Resolving the query without dataloader

Here the dog had three friends which means we queried the database at least seven times to resolve the query. Now that might not seem like a ton, but the worst cases can get a lot worse. What if the dog has 100 friends? What if query drills down even further in the owner object? It's not hard to write a query that can hit the database 100s of times to resolve a single query. Now let's see how this would look with dataloader:

#+begin_src mermaid :file "with-dataloader.svg" :pupeteer-config-file "~/.emacs.d/pupeteer-config.json" :mermaid-config-file "~/.emacs.d/mermaid-config.json" :background-color "transparent" stateDiagram-v2 direction LR state "Load dog" as ldog state "Load friends" as lfriend state "Load owners" as lowner [*] --> ldog ldog --> lfriend lfriend --> lowner #+end_src #+RESULTS: [[file:with-dataloader.svg]]
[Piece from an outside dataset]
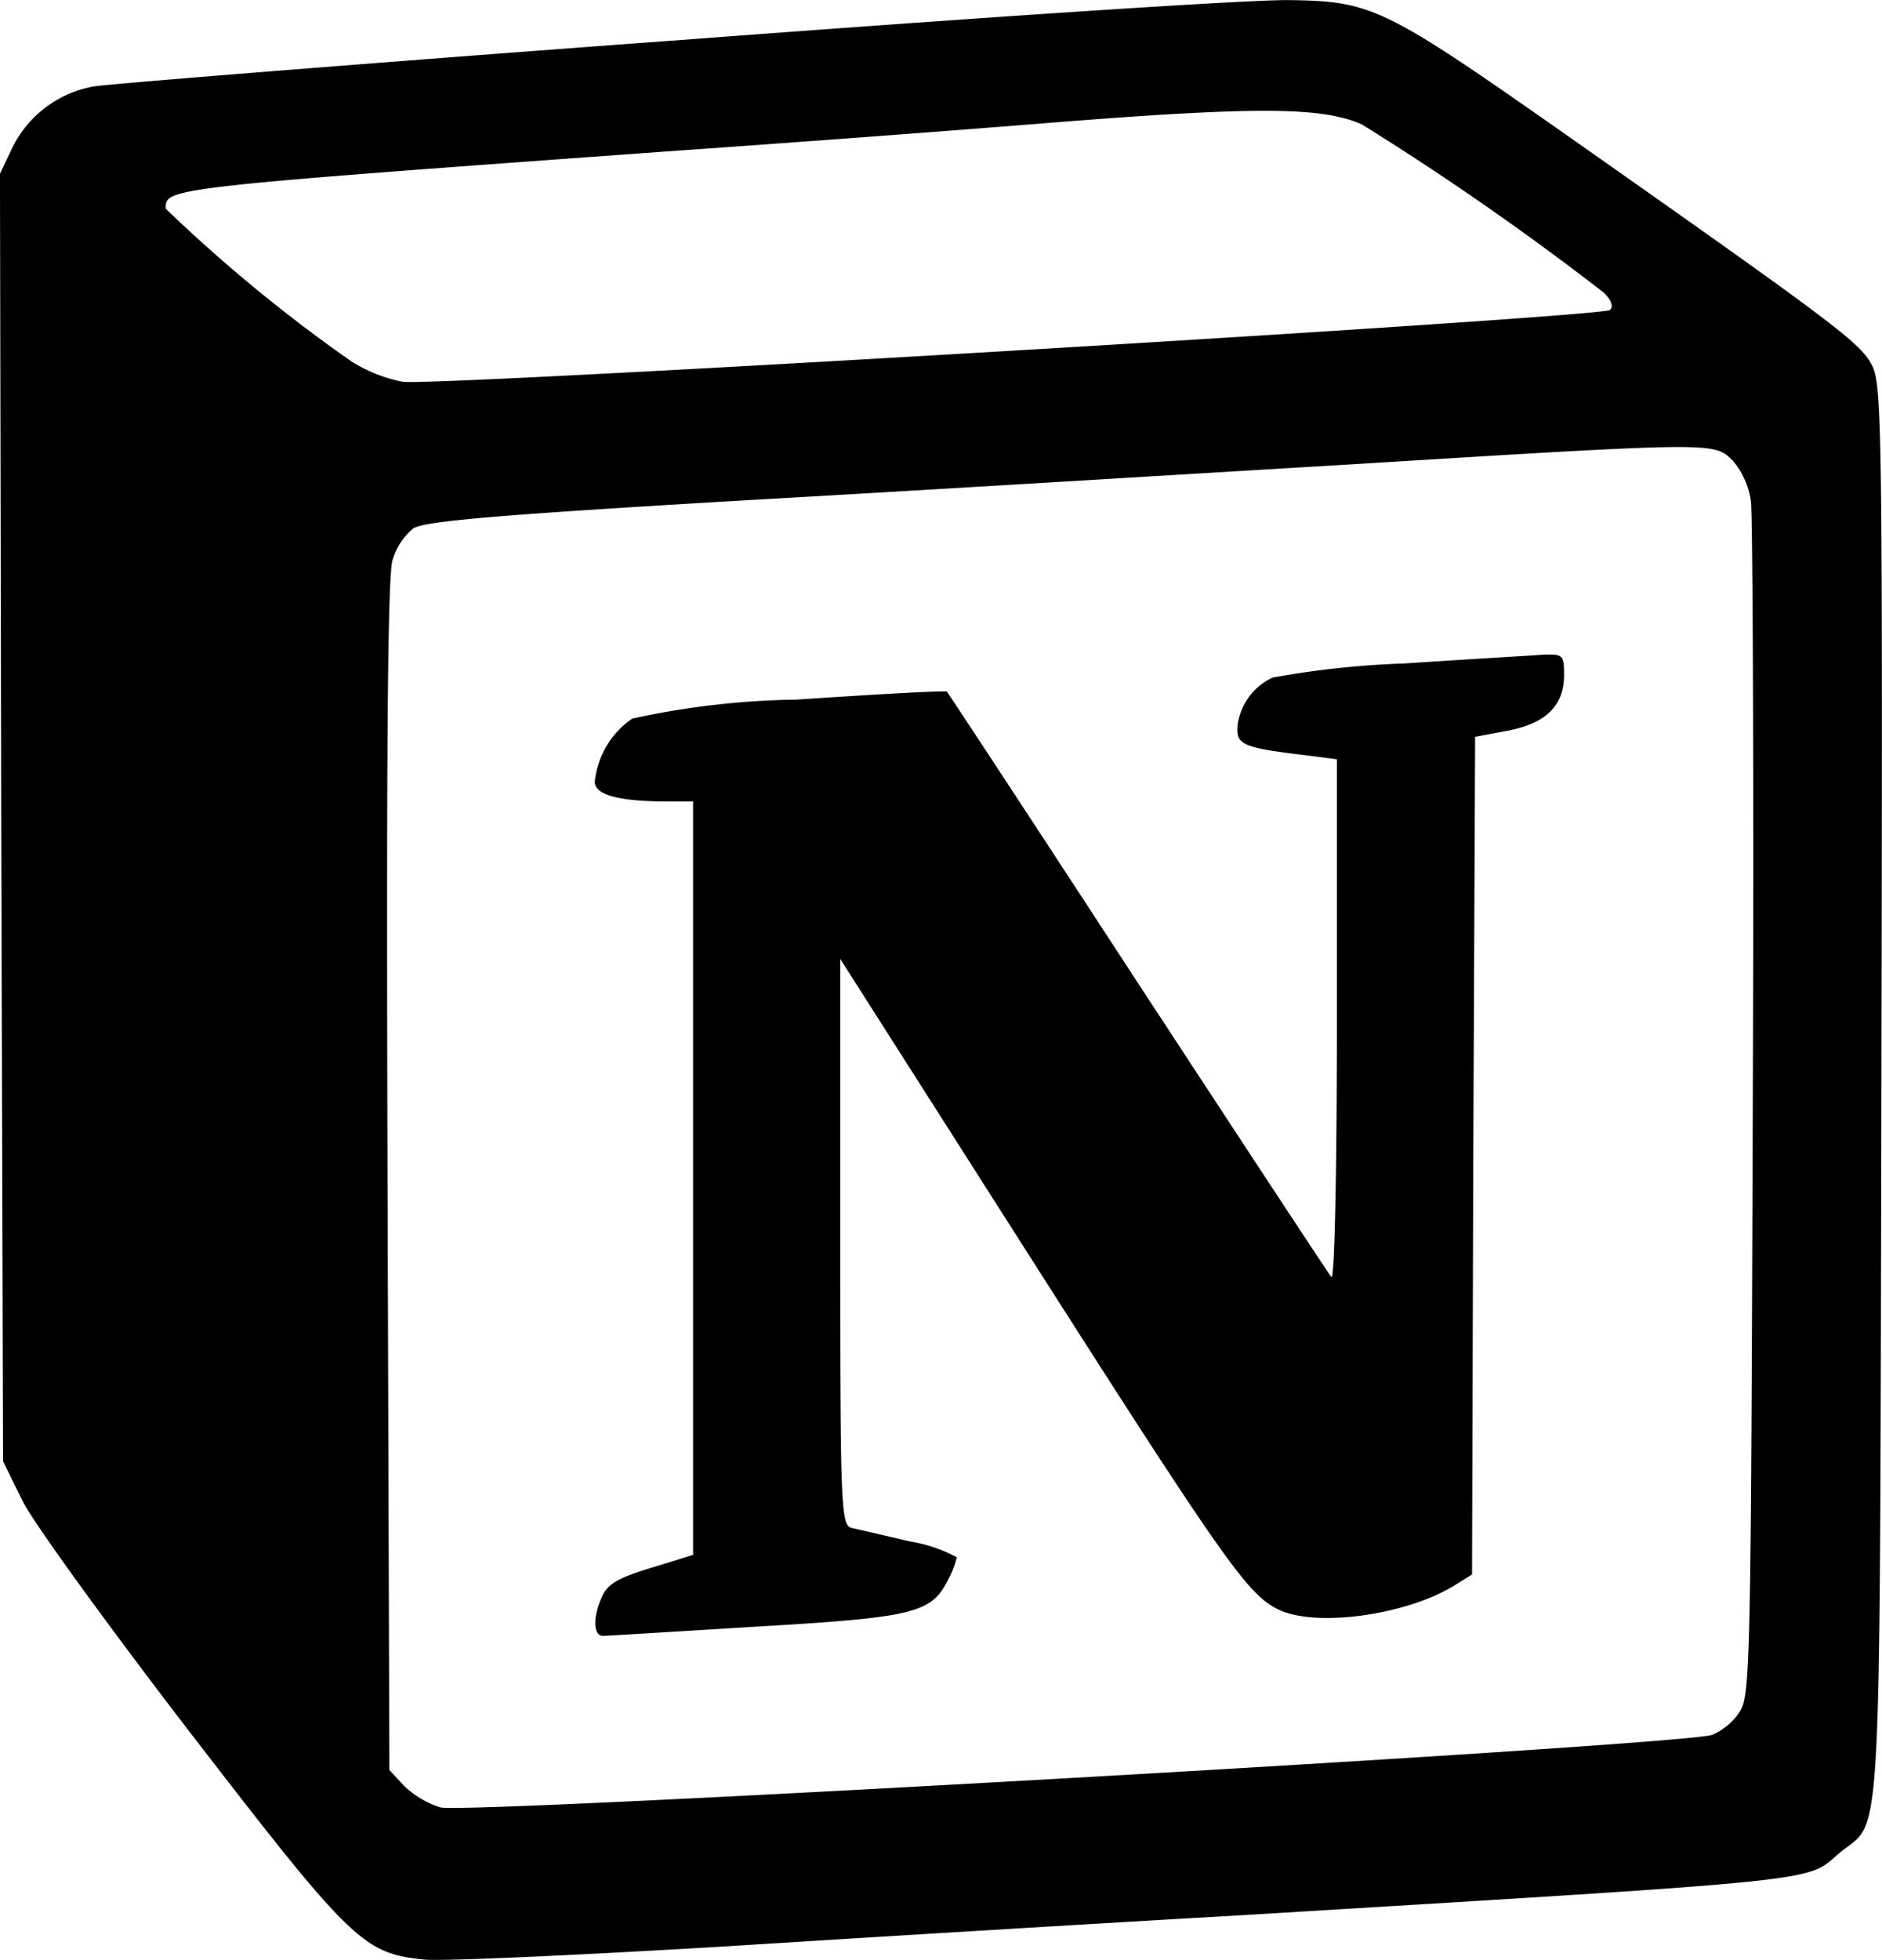 <svg xmlns="http://www.w3.org/2000/svg" width="54.487" height="56.708" viewBox="0 0 54.487 56.708"><g transform="translate(-13.38 -3.496)"><path d="M32.858,4.67C23.98,5.326,16.433,5.931,16.078,6a3.26,3.26,0,0,0-2.326,1.74l-.373.782.036,18.627.053,18.627.568,1.154c.32.639,2.486,3.622,4.848,6.694,4.67,6.055,5.007,6.393,6.782,6.57.515.053,4.386-.125,8.577-.373,4.209-.266,10.955-.675,15-.905,17.294-1.05,16.405-.961,17.4-1.813,1.243-1.03,1.154.657,1.207-21.982.036-19.195.018-20.455-.266-21.041-.337-.657-.941-1.118-8.825-6.659C53.49,3.729,53.117,3.533,50.754,3.5c-.976-.035-9.037.5-17.9,1.172ZM52.815,7.1a83.016,83.016,0,0,1,7,4.865c.213.213.284.391.177.5-.248.213-33.985,2.22-34.961,2.077a4.4,4.4,0,0,1-1.473-.586,44.754,44.754,0,0,1-5.38-4.421c0-.6-.125-.6,14.915-1.687,2.877-.2,7.6-.55,10.477-.782,6.231-.5,8.1-.479,9.249.035ZM63.54,16.815A2.307,2.307,0,0,1,64.072,18c.053.427.089,8.381.053,17.65-.053,15.909-.071,16.9-.373,17.366a1.8,1.8,0,0,1-.8.675c-.744.3-36.1,2.309-36.824,2.1a2.745,2.745,0,0,1-1.048-.621l-.427-.462L24.6,37.555c-.036-12.039,0-17.366.143-17.845a1.866,1.866,0,0,1,.6-.923c.32-.213,2.415-.391,9.624-.816,5.061-.284,12.891-.764,17.383-1.03,10.687-.658,10.652-.658,11.184-.126Z" transform="translate(0 0)"/><path d="M190.179,172.48a26.405,26.405,0,0,0-3.818.409,1.79,1.79,0,0,0-1.012,1.368c-.053.586.125.657,2.041.888l.834.107v7.582c0,4.51-.071,7.493-.159,7.4-.089-.107-2.61-3.941-5.611-8.523-3-4.6-5.486-8.381-5.522-8.416s-1.989.071-4.332.231a23.714,23.714,0,0,0-4.777.55,2.528,2.528,0,0,0-1.084,1.829c0,.373.675.568,2.1.568h.746v21.8l-1.207.373c-.941.284-1.261.462-1.42.816-.284.6-.266,1.154.018,1.154.107,0,2.113-.125,4.421-.266,4.563-.266,5.078-.391,5.557-1.332a2.721,2.721,0,0,0,.266-.675,4.33,4.33,0,0,0-1.368-.462c-.764-.177-1.527-.355-1.687-.391-.3-.089-.32-.639-.32-8.275v-8.186l5.4,8.47c5.664,8.878,6.375,9.89,7.245,10.334,1.084.568,3.836.177,5.22-.728l.427-.266.036-12.109.053-12.127.941-.177c1.118-.213,1.634-.728,1.634-1.616,0-.568-.036-.6-.568-.586C193.908,172.248,192.079,172.355,190.179,172.48Z" transform="translate(-136.139 -149.788)"/></g></svg>

Resolving the query with dataloader

This will scale up much better to more complex queries.

Implementing Dataloader

Now let's take a deeper look at how to implement dataloader for a service that queries a relational database. First we'll take a look at how to batch load a single entity like owner in the example query:

import { Kysely, SqliteDialect, Selectable } from "kysely";
import Database from "better-sqlite3";

// The columns in the `owners` table.
interface OwnerTable {
  id: string;
  name: string;
}

// The tables in the database.
interface Database {
  owners: OwnerTable;
}

// Instantiate a query builder instance.
const db = new Kysely<Database>({
  dialect: new SqliteDialect({
    database: new Database("test.db"),
  }),
});

// Batch loader for a single `Owner` object.
const batchLoadOwners = async (keys: readonly string[]) => {
  // Build a query to get every owner that matches a key.
  const owners = await db
    .selectFrom("owners")
    .select("id", "name")
    .where("id", "in", keys)
    .execute();

  // Re-order the results to match the keys inserting null where there was no result.
  const results: Array<Selectable<OwnerTable> | null> = [];
  for (const key of keys) {
    results.push(owners.find((owner) => owner.id === key) ?? null);
  }

  // Return the reults.
  return results;
};

To efficiently load more than one owner we select from the owners table filtering by all of the ids that come in as keys. Then we reorder the results to match the keys order inserting null where one is missing. That is the more straightforward case though. How do you load a list of entities like friends in the above query. Well it would look like this:

import { Kysely, SqliteDialect, Selectable, sql } from "kysely";
import Database from "better-sqlite3";

// The columns in the `friends` table.
interface FriendTable {
  id: string;
  name: string;
  dog_id: string;
}

// The tables in the database.
interface Database {
  friends: FriendTable;
}

// Instantiate a query builder instance.
const db = new Kysely<Database>({
  dialect: new SqliteDialect({
    database: new Database("test.db"),
  }),
});

// A batch loader function for multiple `Friend` objects.
const batchLoadFriends = async (keys: readonly string[]) => {
  // Map the keys to queries to get all of the friends for a dog.
  // Each key gets one query which has a unique numeric index attached to each result for it.
  let index = 0;
  const queries = keys.map((key) => {
    return db
      .selectFrom("friends")
      .select(["id", "name", "dog_id", () => sql.raw(`${index++}`).as("index")])
      .where("dog_id", "=", key);
  });

  // Join the queries together with UNION ALL.
  let builder = queries.at(0);
  for (const query of queries.slice(1)) {
    builder = builder?.unionAll(query);
  }

  // Execute the query.
  const friends = (await builder?.execute()) || [];

  // Split up the results by key using the numeric index.
  const results: Array<Selectable<FriendTable>>[] = [];
  keys.forEach((_, index) => {
    results.push(friends.filter((friend) => friend.index == index));
  });

  // Return the results.
  return results;
};

We map every key to a query to get the friends for that key. That query includes a unique numeric index that will be used later. We don't want to execute these queries one at a time, so we use UNION ALL to join them together. From there it's just a matter of splitting up the results by index in the order of keys.

Conclusion

Dataloader is a powerful way to implement request scoped caching, and it's particularly helpful when building GraphQL APIs.